It has been widely-publicised that the Companies Act 2006 is the largest piece of legislation ever passed by Parliament. It runs to 1,300 sections and 16 Schedules. Besides that, delegated legislation in the form of statutory instruments under which provisions are brought into force and regulations made will continue to expand the total of this giant.

Here we look at one small area which may help to companies and actually save them some money rather than merely adding to the burden of compliance: two-way electronic communication with shareholders.

Under the old Companies Act 1985, although companies could send some documents to members electronically - accounts and meeting notices, for example - it was optional. The intention under the Companies Act 2006 is to make electronic communication with members the default position.

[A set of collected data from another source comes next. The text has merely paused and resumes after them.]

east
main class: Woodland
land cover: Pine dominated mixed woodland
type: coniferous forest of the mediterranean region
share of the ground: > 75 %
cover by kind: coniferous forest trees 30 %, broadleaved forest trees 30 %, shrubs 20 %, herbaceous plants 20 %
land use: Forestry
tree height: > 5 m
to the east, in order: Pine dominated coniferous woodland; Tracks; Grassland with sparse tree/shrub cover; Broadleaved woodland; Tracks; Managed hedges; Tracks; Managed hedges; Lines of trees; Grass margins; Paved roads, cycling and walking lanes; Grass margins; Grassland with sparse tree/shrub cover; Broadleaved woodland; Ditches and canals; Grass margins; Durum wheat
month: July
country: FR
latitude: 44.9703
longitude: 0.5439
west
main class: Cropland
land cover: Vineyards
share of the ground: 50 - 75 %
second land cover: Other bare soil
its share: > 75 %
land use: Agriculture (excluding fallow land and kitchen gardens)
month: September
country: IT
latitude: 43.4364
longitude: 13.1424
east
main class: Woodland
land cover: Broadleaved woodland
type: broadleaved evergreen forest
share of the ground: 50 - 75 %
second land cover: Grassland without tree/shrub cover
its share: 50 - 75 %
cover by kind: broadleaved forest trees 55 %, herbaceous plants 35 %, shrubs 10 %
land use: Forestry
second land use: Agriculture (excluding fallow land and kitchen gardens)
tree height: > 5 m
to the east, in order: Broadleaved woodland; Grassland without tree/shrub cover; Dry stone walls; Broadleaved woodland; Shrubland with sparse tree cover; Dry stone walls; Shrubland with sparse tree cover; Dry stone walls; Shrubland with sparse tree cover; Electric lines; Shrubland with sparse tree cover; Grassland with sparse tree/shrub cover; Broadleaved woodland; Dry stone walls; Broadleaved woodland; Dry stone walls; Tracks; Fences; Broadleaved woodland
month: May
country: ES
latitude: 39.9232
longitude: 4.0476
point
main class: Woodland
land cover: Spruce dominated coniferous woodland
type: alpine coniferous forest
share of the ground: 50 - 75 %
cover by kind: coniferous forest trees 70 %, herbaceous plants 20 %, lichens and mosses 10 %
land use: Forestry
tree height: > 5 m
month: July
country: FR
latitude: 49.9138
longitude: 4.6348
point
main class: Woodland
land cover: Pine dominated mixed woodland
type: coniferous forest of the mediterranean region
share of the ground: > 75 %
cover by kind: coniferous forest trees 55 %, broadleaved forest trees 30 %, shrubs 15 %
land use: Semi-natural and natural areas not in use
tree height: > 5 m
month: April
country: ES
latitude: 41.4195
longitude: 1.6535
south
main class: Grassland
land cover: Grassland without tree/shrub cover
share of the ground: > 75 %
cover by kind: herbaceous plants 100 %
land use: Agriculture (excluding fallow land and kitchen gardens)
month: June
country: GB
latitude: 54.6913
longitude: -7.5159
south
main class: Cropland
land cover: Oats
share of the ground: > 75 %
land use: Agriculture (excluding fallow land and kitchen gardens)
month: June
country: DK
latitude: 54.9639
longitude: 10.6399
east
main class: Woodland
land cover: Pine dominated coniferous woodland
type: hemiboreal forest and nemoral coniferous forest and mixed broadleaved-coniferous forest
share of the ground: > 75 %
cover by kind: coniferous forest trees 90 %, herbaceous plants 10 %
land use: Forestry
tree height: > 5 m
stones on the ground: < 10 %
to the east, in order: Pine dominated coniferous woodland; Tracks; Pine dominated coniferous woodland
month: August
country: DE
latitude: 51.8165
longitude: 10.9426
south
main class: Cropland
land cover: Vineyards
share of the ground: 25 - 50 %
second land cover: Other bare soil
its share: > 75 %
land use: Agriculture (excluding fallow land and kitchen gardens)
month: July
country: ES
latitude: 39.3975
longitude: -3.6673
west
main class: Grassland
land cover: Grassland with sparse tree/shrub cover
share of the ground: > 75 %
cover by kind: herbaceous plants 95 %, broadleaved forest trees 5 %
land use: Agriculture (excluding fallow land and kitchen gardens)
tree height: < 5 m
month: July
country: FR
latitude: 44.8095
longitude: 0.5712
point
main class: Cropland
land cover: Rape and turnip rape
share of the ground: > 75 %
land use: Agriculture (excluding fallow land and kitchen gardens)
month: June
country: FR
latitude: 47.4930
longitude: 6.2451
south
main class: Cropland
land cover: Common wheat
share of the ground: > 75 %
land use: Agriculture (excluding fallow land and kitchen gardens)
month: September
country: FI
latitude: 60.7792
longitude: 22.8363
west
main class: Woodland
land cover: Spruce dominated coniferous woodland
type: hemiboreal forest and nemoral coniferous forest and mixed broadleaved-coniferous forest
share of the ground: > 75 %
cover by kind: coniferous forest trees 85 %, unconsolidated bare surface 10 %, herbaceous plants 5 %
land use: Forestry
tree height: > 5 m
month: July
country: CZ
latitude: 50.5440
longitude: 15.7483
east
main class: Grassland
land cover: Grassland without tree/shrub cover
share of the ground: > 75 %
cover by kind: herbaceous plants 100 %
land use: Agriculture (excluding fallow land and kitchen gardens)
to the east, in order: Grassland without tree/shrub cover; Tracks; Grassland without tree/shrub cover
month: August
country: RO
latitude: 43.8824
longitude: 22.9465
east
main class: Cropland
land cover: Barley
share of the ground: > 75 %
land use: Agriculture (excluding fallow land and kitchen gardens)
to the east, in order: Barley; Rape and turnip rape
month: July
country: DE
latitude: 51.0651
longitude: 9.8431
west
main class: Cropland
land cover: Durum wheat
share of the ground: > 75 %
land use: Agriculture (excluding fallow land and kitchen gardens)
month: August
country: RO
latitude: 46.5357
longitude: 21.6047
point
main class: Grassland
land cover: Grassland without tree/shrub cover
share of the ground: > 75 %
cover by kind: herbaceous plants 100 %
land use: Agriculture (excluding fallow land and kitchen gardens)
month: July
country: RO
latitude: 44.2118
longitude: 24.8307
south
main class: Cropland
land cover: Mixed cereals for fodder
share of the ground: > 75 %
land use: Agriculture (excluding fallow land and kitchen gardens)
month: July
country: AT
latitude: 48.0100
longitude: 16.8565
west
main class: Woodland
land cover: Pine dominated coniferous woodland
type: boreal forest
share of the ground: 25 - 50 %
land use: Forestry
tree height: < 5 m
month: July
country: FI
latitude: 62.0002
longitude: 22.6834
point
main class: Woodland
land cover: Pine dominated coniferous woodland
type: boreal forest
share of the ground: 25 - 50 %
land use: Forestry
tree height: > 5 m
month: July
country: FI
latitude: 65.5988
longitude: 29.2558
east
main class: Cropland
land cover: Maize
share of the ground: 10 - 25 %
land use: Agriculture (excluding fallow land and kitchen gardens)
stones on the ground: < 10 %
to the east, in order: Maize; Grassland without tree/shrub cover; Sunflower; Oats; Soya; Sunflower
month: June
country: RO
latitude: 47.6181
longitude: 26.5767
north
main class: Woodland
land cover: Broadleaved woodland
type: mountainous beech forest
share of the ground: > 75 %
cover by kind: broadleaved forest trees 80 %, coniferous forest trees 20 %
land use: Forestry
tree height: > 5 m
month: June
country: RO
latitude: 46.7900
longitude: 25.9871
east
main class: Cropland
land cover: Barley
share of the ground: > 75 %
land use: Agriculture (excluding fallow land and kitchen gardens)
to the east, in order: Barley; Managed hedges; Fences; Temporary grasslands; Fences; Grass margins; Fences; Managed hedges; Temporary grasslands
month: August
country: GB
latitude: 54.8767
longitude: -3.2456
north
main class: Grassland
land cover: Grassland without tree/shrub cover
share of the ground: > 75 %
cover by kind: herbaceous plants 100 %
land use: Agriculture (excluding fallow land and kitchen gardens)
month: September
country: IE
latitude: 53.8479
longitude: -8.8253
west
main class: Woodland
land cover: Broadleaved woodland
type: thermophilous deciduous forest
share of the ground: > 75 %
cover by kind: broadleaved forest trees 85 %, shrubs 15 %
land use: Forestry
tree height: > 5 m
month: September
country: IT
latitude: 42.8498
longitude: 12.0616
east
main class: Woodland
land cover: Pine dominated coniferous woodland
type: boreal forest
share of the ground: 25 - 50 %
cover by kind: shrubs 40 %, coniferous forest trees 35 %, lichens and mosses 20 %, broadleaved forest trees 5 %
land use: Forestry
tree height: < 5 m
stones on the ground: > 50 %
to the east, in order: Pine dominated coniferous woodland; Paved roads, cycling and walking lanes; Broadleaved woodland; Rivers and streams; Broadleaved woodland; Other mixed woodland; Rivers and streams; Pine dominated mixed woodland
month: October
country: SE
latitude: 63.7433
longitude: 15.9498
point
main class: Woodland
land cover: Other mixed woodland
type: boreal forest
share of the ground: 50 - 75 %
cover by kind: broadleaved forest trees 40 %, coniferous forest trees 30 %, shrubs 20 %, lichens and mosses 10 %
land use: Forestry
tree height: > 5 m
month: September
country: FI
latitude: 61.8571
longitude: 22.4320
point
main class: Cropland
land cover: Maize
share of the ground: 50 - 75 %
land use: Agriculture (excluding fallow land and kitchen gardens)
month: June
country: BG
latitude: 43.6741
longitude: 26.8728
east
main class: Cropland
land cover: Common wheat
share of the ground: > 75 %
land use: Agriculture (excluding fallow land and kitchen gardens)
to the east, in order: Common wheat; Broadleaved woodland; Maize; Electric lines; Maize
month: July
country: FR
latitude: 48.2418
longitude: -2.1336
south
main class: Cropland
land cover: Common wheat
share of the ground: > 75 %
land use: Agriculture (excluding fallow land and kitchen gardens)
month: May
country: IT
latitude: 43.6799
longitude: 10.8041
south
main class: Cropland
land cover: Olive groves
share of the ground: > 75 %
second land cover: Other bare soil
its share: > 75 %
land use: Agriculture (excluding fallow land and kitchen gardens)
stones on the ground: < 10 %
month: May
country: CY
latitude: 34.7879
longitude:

Since the provisions came into force on 20 January this year companies have been encouraging their shareholders to agree to this which will save them paper, printing and distribution costs. This will bring shareholder communications into line with filing of tax returns and most documents at Companies House where e-filing is now commonplace.

Communication to members

A company can continue to use any existing authority for e-communication. Otherwise, it will be necessary to procure the passing of a shareholder resolution or amend the articles. A report as of 8 October this year on the trend among listed companies indicates that there is a preference towards the latter route. Listed companies (excluding AIM) must adopt the new regime by means of a general meeting. Other companies have the option of writing to their members on an individual basis.

Successful implementation will enable a company to notify its members via e-mail and/or its website. Members who do not reply objecting to the changes within 28 days of notification can be deemed to have consented. Inevitably there is scope for an awkward shareholder to agree for information via the website but not via e-mail in which case the company must continue to notify by hard copy the postings on its website.

Communication from members

If it provides an electronic address a company can receive e-communications from its members. in response to notices of meetings or invitations to appoint proxies. It will also need to consider what security measures are prudent to verify the identity of its members.

Conclusion

In addition to the above, listed (not AIM) companies must also comply with Chapter 6 of the Financial Service Authority's Disclosure Rules and Transparency Rules sourcebook full details of which are downloadable at http://www.fsa.gov.uk/pubs/hb-releases/rel64/rel64dtr.pdf

One of the more commercially attractive aspects of the new communications regime must surely be that a company can now seriously encourage its members to look at its website and vaunt the benefits of its business.